%%

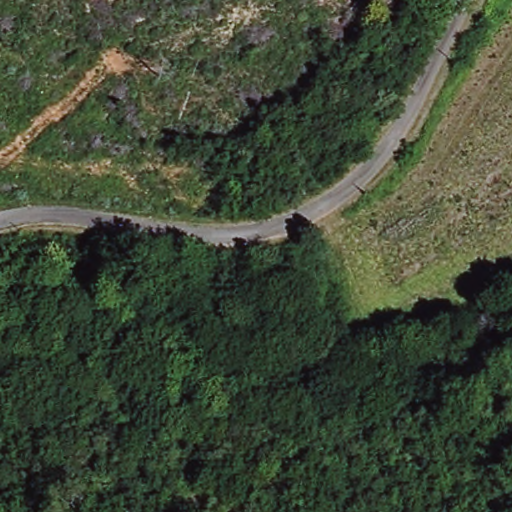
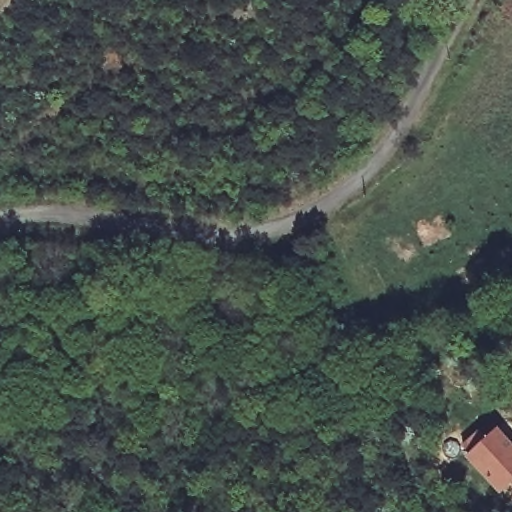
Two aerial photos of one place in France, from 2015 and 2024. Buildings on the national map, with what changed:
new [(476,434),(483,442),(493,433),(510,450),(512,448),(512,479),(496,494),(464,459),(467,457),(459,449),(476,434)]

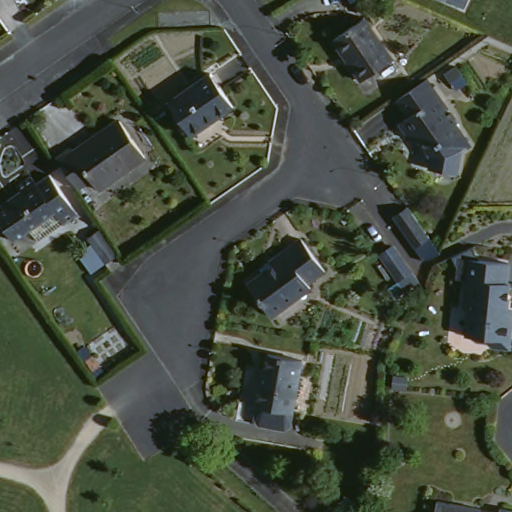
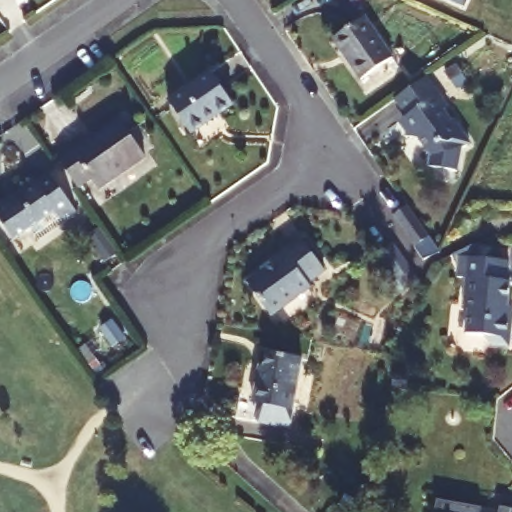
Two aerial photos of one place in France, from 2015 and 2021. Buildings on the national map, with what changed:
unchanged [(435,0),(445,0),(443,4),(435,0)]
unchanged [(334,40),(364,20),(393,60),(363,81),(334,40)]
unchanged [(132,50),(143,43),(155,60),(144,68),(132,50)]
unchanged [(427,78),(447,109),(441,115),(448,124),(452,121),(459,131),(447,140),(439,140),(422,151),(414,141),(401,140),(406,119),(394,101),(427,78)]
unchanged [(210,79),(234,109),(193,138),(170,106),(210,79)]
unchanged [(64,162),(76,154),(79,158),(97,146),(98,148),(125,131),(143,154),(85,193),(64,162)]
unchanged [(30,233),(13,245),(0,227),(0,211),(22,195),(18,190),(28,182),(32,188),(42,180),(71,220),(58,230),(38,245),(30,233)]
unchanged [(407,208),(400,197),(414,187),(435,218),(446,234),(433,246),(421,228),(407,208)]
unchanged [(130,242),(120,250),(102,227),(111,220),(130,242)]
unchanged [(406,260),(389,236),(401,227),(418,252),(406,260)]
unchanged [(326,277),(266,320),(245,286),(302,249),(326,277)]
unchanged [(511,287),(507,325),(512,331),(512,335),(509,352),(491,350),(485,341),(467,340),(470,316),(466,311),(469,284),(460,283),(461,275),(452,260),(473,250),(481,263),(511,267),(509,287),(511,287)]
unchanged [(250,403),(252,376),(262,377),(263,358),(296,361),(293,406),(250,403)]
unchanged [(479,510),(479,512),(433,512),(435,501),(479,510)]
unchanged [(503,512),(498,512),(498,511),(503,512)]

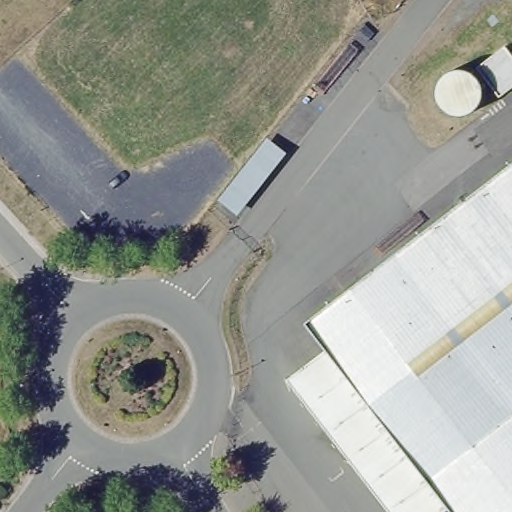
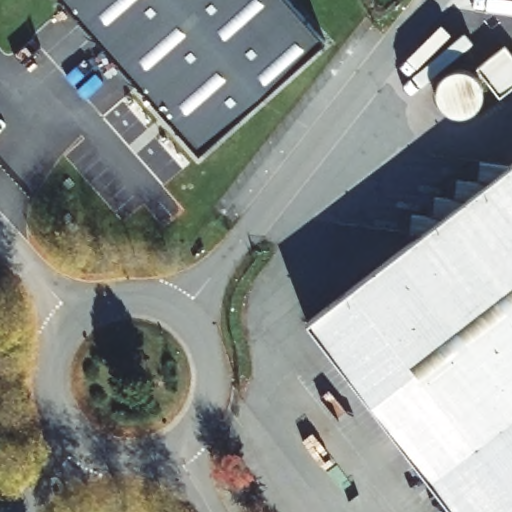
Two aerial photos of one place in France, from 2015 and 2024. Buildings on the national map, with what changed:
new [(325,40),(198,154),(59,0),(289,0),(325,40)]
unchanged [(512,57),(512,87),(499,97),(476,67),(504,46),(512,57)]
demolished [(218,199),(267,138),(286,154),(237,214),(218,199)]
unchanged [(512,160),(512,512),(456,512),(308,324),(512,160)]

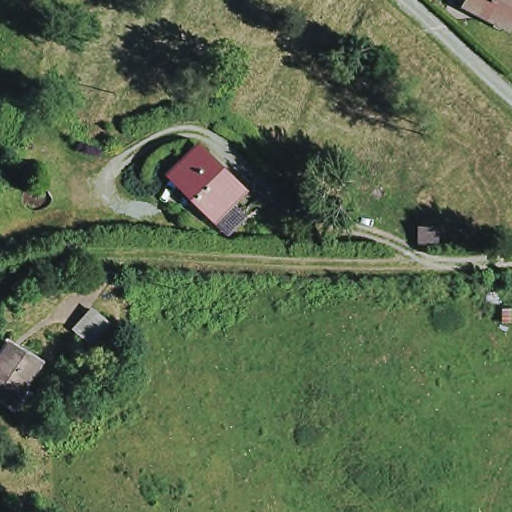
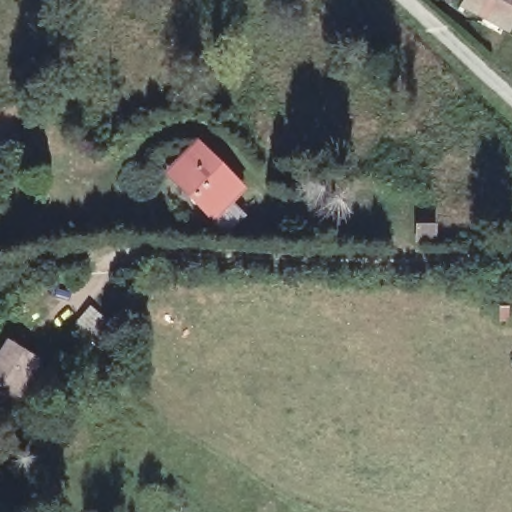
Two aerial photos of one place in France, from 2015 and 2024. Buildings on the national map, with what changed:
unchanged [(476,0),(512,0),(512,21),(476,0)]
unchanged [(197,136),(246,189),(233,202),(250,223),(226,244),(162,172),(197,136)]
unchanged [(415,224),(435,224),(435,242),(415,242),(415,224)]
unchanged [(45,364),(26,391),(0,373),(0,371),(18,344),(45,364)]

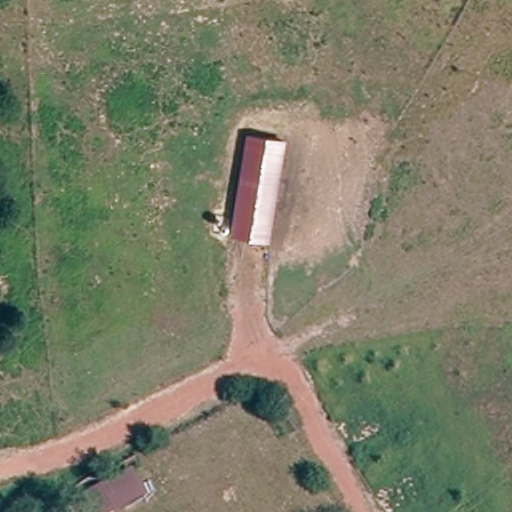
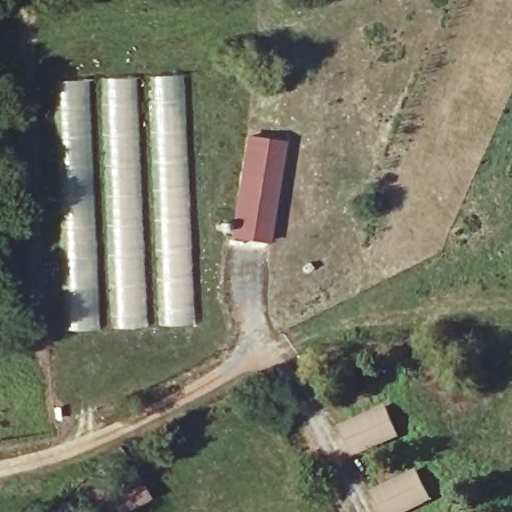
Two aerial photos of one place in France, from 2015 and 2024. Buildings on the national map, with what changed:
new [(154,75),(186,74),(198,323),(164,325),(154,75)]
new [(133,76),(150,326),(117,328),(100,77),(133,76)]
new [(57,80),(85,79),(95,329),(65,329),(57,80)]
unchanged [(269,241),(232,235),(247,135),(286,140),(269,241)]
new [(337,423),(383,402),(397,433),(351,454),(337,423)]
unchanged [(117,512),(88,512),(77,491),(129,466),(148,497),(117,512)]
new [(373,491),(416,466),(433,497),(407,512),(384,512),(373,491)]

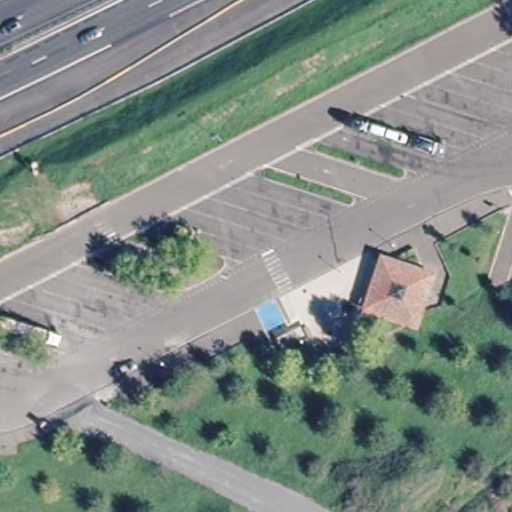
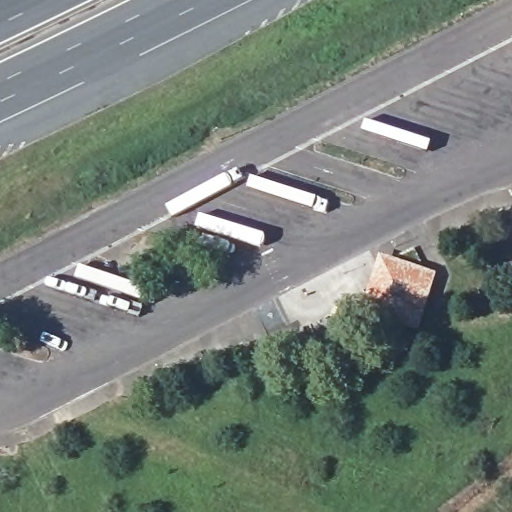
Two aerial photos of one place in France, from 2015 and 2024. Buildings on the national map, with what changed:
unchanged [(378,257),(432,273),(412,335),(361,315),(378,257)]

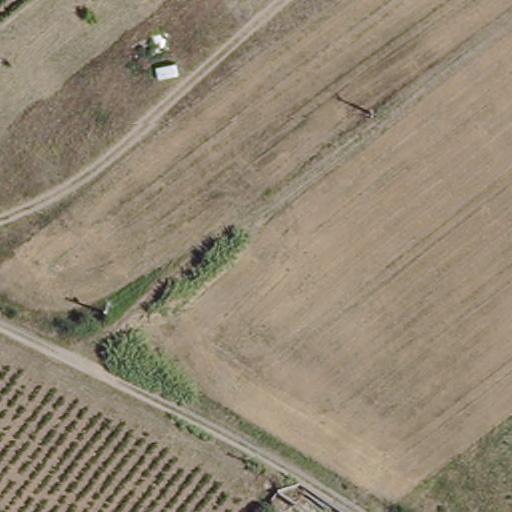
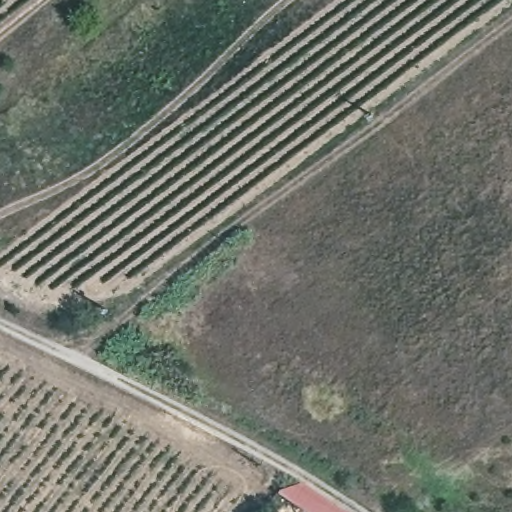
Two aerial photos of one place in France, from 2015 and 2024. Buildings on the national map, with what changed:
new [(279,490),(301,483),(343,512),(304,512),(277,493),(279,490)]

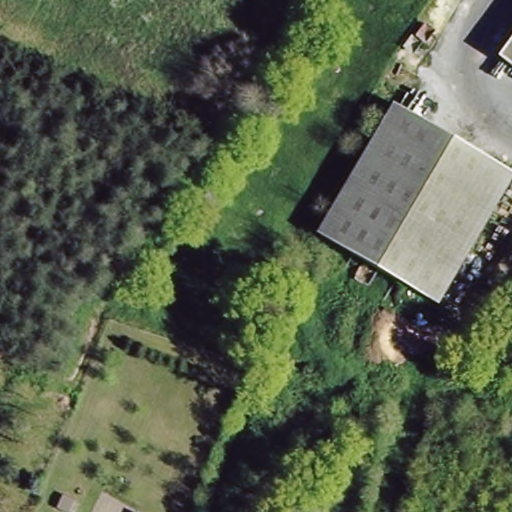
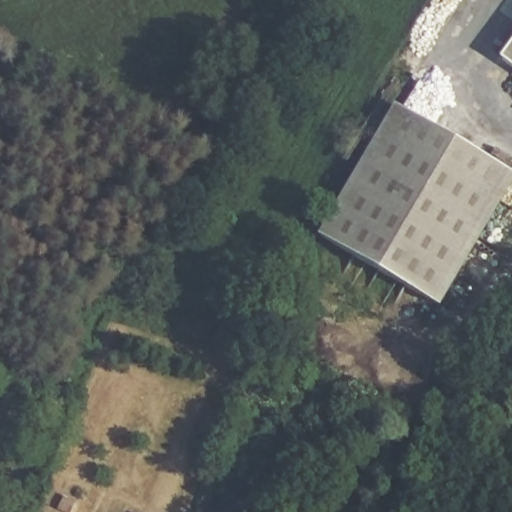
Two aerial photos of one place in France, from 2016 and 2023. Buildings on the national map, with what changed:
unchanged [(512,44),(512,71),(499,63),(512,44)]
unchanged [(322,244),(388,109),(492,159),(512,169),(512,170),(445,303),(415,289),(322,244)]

%%

**Exercise goal**
Restate each record from above word for word, excluding any picture it holds.

**Completed task**
Two aerial photos of one place in France, from 2015 and 2024. Buildings on the national map, with what changed:
new [(476,434),(483,442),(493,433),(510,450),(512,448),(512,479),(496,494),(464,459),(467,457),(459,449),(476,434)]

Two aerial photos of one place in France, from 2015 and 2021. Buildings on the national map, with what changed:
unchanged [(435,0),(445,0),(443,4),(435,0)]
unchanged [(334,40),(364,20),(393,60),(363,81),(334,40)]
unchanged [(132,50),(143,43),(155,60),(144,68),(132,50)]
unchanged [(427,78),(447,109),(441,115),(448,124),(452,121),(459,131),(447,140),(439,140),(422,151),(414,141),(401,140),(406,119),(394,101),(427,78)]
unchanged [(210,79),(234,109),(193,138),(170,106),(210,79)]
unchanged [(64,162),(76,154),(79,158),(97,146),(98,148),(125,131),(143,154),(85,193),(64,162)]
unchanged [(30,233),(13,245),(0,227),(0,211),(22,195),(18,190),(28,182),(32,188),(42,180),(71,220),(58,230),(38,245),(30,233)]
unchanged [(407,208),(400,197),(414,187),(435,218),(446,234),(433,246),(421,228),(407,208)]
unchanged [(130,242),(120,250),(102,227),(111,220),(130,242)]
unchanged [(406,260),(389,236),(401,227),(418,252),(406,260)]
unchanged [(326,277),(266,320),(245,286),(302,249),(326,277)]
unchanged [(511,287),(507,325),(512,331),(512,335),(509,352),(491,350),(485,341),(467,340),(470,316),(466,311),(469,284),(460,283),(461,275),(452,260),(473,250),(481,263),(511,267),(509,287),(511,287)]
unchanged [(250,403),(252,376),(262,377),(263,358),(296,361),(293,406),(250,403)]
unchanged [(479,510),(479,512),(433,512),(435,501),(479,510)]
unchanged [(503,512),(498,512),(498,511),(503,512)]

Two aerial photos of one place in France, from 2015 and 2024. Buildings on the national map, with what changed:
new [(325,40),(198,154),(59,0),(289,0),(325,40)]
unchanged [(512,57),(512,87),(499,97),(476,67),(504,46),(512,57)]
demolished [(218,199),(267,138),(286,154),(237,214),(218,199)]
unchanged [(512,160),(512,512),(456,512),(308,324),(512,160)]

Two aerial photos of one place in France, from 2015 and 2024. Buildings on the national map, with what changed:
unchanged [(476,0),(512,0),(512,21),(476,0)]
unchanged [(197,136),(246,189),(233,202),(250,223),(226,244),(162,172),(197,136)]
unchanged [(415,224),(435,224),(435,242),(415,242),(415,224)]
unchanged [(45,364),(26,391),(0,373),(0,371),(18,344),(45,364)]

Two aerial photos of one place in France, from 2015 and 2024. Buildings on the national map, with what changed:
new [(154,75),(186,74),(198,323),(164,325),(154,75)]
new [(133,76),(150,326),(117,328),(100,77),(133,76)]
new [(57,80),(85,79),(95,329),(65,329),(57,80)]
unchanged [(269,241),(232,235),(247,135),(286,140),(269,241)]
new [(337,423),(383,402),(397,433),(351,454),(337,423)]
unchanged [(117,512),(88,512),(77,491),(129,466),(148,497),(117,512)]
new [(373,491),(416,466),(433,497),(407,512),(384,512),(373,491)]

Two aerial photos of one place in France, from 2015 and 2024. Buildings on the national map, with what changed:
unchanged [(378,257),(432,273),(412,335),(361,315),(378,257)]

Two aerial photos of one place in France, from 2015 and 2024. Buildings on the national map, with what changed:
new [(279,490),(301,483),(343,512),(304,512),(277,493),(279,490)]

Two aerial photos of one place in France, from 2016 and 2023. Buildings on the national map, with what changed:
unchanged [(512,44),(512,71),(499,63),(512,44)]
unchanged [(322,244),(388,109),(492,159),(512,169),(512,170),(445,303),(415,289),(322,244)]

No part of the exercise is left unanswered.